For post-surgical patients
- Completely resected non-small cell lung cancer with negative margins (R0).
- Pathologic stage IIIA, II (IIA or IIB) or large IB (defined as size ≥4 cm). NOTE: IB tumors <4cm are not eligible. Stage IB cancer based on pleural invasion is not eligible unless the tumor size is > 4 cm.
For all patients
- ECOG Performance Status 0-1
- No patients who have received neoadjuvant therapy (chemo- or radio-therapy) for this lung cancer
- Age ≥ 18 years
- No locally advanced or metastatic cancer requiring systemic therapy within 5 years prior to registration. No secondary primary lung cancer diagnosed concurrently or within 2 year prior to registatration.
- No prior treatment with agents targeting EGFR mutation, ALK rearrangement, or PD-1/PD-L1/CTLA-4
- No patients known to be pregnant or lactating
- Patients who have had local genotyping are eligible, regardless of the local result.
- No patients with recurrence of lung cancer after prior resection
Patient Registration Eligibility Criteria
- Completely resected NSCLC with negative margins (R0). Cancers with a histology of “adenosquamous” are considered a type of adenocarcinoma and thus a “nonsquamous” histology.

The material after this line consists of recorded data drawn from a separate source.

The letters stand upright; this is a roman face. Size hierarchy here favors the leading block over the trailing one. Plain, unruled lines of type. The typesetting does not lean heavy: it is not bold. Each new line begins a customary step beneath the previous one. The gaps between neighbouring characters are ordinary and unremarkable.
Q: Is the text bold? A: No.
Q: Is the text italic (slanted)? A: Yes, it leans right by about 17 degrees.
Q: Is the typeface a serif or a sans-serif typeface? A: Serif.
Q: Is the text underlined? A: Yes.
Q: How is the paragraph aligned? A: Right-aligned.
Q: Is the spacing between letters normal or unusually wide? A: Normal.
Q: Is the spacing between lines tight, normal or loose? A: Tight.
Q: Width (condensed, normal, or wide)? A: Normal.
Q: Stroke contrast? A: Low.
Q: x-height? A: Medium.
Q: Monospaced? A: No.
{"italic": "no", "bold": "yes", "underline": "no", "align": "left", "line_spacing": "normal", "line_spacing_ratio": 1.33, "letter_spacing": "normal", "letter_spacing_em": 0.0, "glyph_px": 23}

- Pathologic stage IIIA, IIA or IIB, or large IB (defined as size ≥ 4cm). Note: IB tumors <4cm are NOT eligible. Stage IB cancer based on pleural invasion is not eligible unless the tumor size is > 4 cm.
- Tissue available for the required analyses, either clinical tissue block or slides and scrolls
- In order to allow for time for central genotyping and eligibility for the ALCHEMIST treatment trial, patients must register within the following eligibility windows, depending on the adjuvant treatment approach:
– If no adjuvant therapy, register patient within 75 days following surgery.

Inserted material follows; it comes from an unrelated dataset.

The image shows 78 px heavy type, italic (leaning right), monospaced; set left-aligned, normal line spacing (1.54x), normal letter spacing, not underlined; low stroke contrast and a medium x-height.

– If adjuvant chemotherapy or radiotherapy only, register patient within 225 days following surgery.
– If adjuvant chemotherapy and radiation, register patient within 285 days following surgery.
Eligible patients will have tissue specimens submitted for EGFR and ALK testing (results available within 14 business days) and/or PD-L1 analysis (results available within 7 days for squamous patients and 21 days for non-squamous). For non-squamous patients, only those who are ALK and EGFR negative will have the PD-L1 testing done.
Patients with an EGFR mutation may register to the A081105 sub-study for treatment and follow-up.
Patients with an ALK rearrangement may register to the E4512 sub-study for treatment and follow-up.
Patients with negative EGFR and ALK results may register to the EA5142 sub-study for treatment and follow-up.